Weightloss startup Weilos drops paid coaching service, launches free "selfie" app

By Aditi Pai
05:47 am

WeilosWeight loss service Weilos has pivoted and now, instead of an online coaching program, offers users a picture taking app, also called Weilos, to document weight loss through selfies.

Weilos used to offer users a peer-to-peer network that connects people who were weight loss success stories to those who are just beginning their journey, or have tried to lose weight before without reaching their goals.

While the Weilos peer-to-peer coaching service use to cost $19, $39 or $59 per month depending on the coach, the new Weilos app is free. Wu said he understands there are many free diet and fitness apps out there, but he's confident that Weilos will provide a "gold standard" for user experience and that not many other apps are trying to provide the social aspect that Weilos has.

"It's no secret that if you have a free app, then you'll get more users than if it's paid," Weilos Founder Ray Wu told MobiHealthNews. "I think the payment was the source of friction for people that get to know what we're making and I think that, we want millions of people to benefit and be inspired and get motivated and help each other out on our app and with the whole payment system, it definitely was slowing it down a little bit."

Wu said he started winding the program down in early October and shut down the service completely by September. Then, at the end of 2013, Wu launched the beta for Weilos' new app, available on iOS, which prompts users to take photos regularly. Weilos' specialized in-app camera ensures that the user stands in the same position every time so they can see even small changes in the way they look.

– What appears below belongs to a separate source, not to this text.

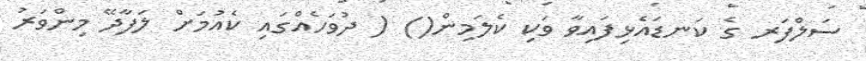
ސަލްފަރ ގެ ކަނޑައެޅިފައިވާ ވަކި ކެލަމިން() ( ދުވަހެއްގައި ކެއުމަށް ލަފާދޭ މިންވަރު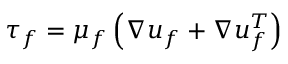
\boldsymbol { \tau } _ { f } = \mu _ { f } \left( \nabla \boldsymbol { u } _ { f } + \nabla \boldsymbol { u } _ { f } ^ { T } \right)

Photos can be shared privately or publicly, although whichever option the user chooses, the user can still see other photos from users who choose to publicly share in the community.

"Progress photos are by far some of the most popular photos on the web right now for weight loss," Wu said. "[People say] it's inspiring because 'I see other real people and if they can do it, I think I can do it'. So what we've done is we made a camera tool that helps line people up so there's an overlay function, so you can line yourself up with an old photo perfectly and you can really visualize the smallest differences."

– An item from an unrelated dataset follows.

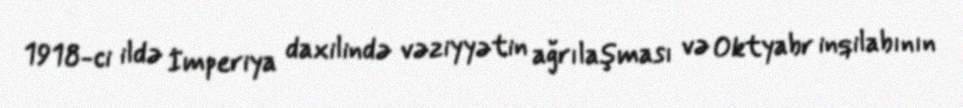
1918-ci ildə İmperiya daxilində vəziyyətin ağrılaşması və Oktyabr inqilabının

Besides selfies, users can post pictures of food, of themselves working out, or of other health and diet-related updates. The community also supports status updates, such as weight loss goals reached.

The data-driven nature of health and fitness apps calls into question the connection between food tracking and eating disorders, which various publications, for instance the New Republic, have covered. When MobiHealthNews asked Weilos about their safeguards against this type of user, given the picture-focused bent of the app, Wu said he and his team, who monitor all the posts, would keep their eyes open for those kinds of occurrences.

"That's something that we're going to look out for," Wu said. "We haven't seen any of that on the app so far, but certainly those sorts of psychological or psychiatric type eating disorders are something that we obviously don't want. We're not promoting that type of behavior and of course we want those kinds of people to get help, but we're not psychiatrists here, so we'll definitely look out for it. And if it happens we'll probably just take that type of content off the app and suggest that person get more professional help."

Wu also added that he has not yet come up with a way to monetize the new app, and is currently focusing on expanding the user base. Weilos aims to have an Android version of the app ready in the first half of 2014.